Завтрак Итана заключался в выпитой наспех чашке кофе и надкушенном сэндвиче. Перекусив, он схватил «Старфайер», подключил к усилителю и с заново разгоревшимся энтузиазмом заиграл ночную песню. С каждым новым аккордом его охватывал все больший восторг. Если представлять песню, как дорогу, то песня Итана была витиеватым хайвеем. Дорогой сквозь пустыню. Трассой из компьютерной игры. Она была идеальной.
В это самое время Джеймс Сандерс, закончив поглощать двойную порцию завтрака, шел проведать блондинку. Он не стал подниматься на лифте. Размеренно шагал на четвертый этаж по лестнице.
«Капри» побывала вчера на мойке. Она сияла как гитара Итана, так что теперь Джеймсу было не стыдно позвать девушку прокатиться. Они могли бы заехать в кафе где-нибудь в центре и заказать мороженое. Сандерс подумал, что ей понравится арахисовое. Он бы попросил официанта посыпать десерт двойной порцией орешков.
Преодолев последний лестничный пролет, Джеймс попал в длинный узкий коридор. Он не смотрел на номера дверей, так как точно знал, что дверь Марни – десятая слева. Вместо этого его взгляд приклеился к выцветшему ковролину. Он шел, отсчитывая шаги, словно под метроном: «Раз и, два и, три и, четыре». Наконец он оказался у нужной двери. Табличка с надписью «409» смотрела на Джеймса сверху вниз. Он сделал глубокий вдох, за время которого его мысли унесло, будто в голове прошелся порыв ветра. Перед его глазами успело промелькнуть арахисовое мороженое, чистенькая красная машинка и улыбка Марни.

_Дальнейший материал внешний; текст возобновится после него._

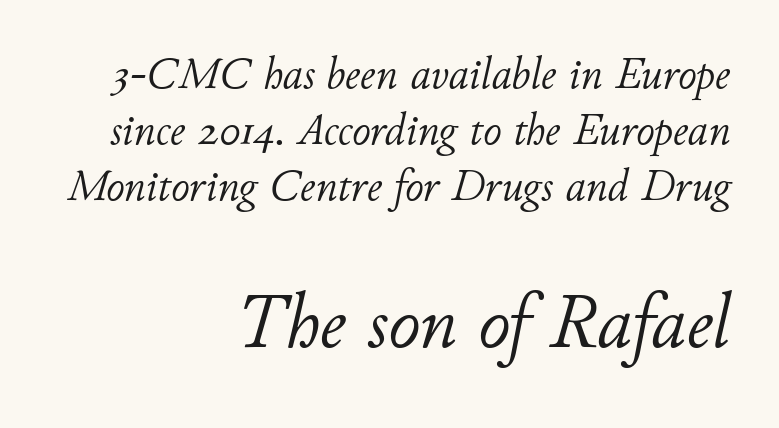
Each letter keeps its own natural width here, so spacing adapts to shape. Check under the words: just untouched page. How are the letters spaced? Ordinarily, with no added tracking. Compared with ordinary roman type, these characters are visibly tilted.

Он постучал в дверь. Несколько секунд спустя блондинка открыла, растрепанная, с карандашом за ухом, очень красивая.
– Джеймс?
– Марни, я, – Сандерс замялся, но все же взял себя в руки, откашлялся и улыбнулся. – Я просто зашел тебя проведать, ты отказалась от завтрака и выглядела подавленной. Хочешь, я поговорю с Итаном, если это он тебя расстроил?
– Все в порядке, – сказала она. – Это я сама виновата. Просто встала не с той ноги.
– Понимаю, – улыбнулся Джеймс. Он соврал. Он не понимал ничего.
Марни кивнула, и Джеймс почувствовал, что сейчас может сделать то, о чем пожалеет.
– Кстати, – продолжил он непринужденно, – я вчера машину помыл, она выглядела как дерьмо, но теперь вполне себе. И я подумал: «Да на ней не стыдно и в центр поехать!».
– Ты собираешься сегодня в центр? – выпалила она, буквально впившись взглядом.
– Да, – радостно подтвердил Сандерс, – только одному невесело. Итан репетирует, и я подумал, может быть, ты составишь мне компанию? Мы могли бы заехать куда-нибудь на обед,куда ты захочешь, и просто прогуляться.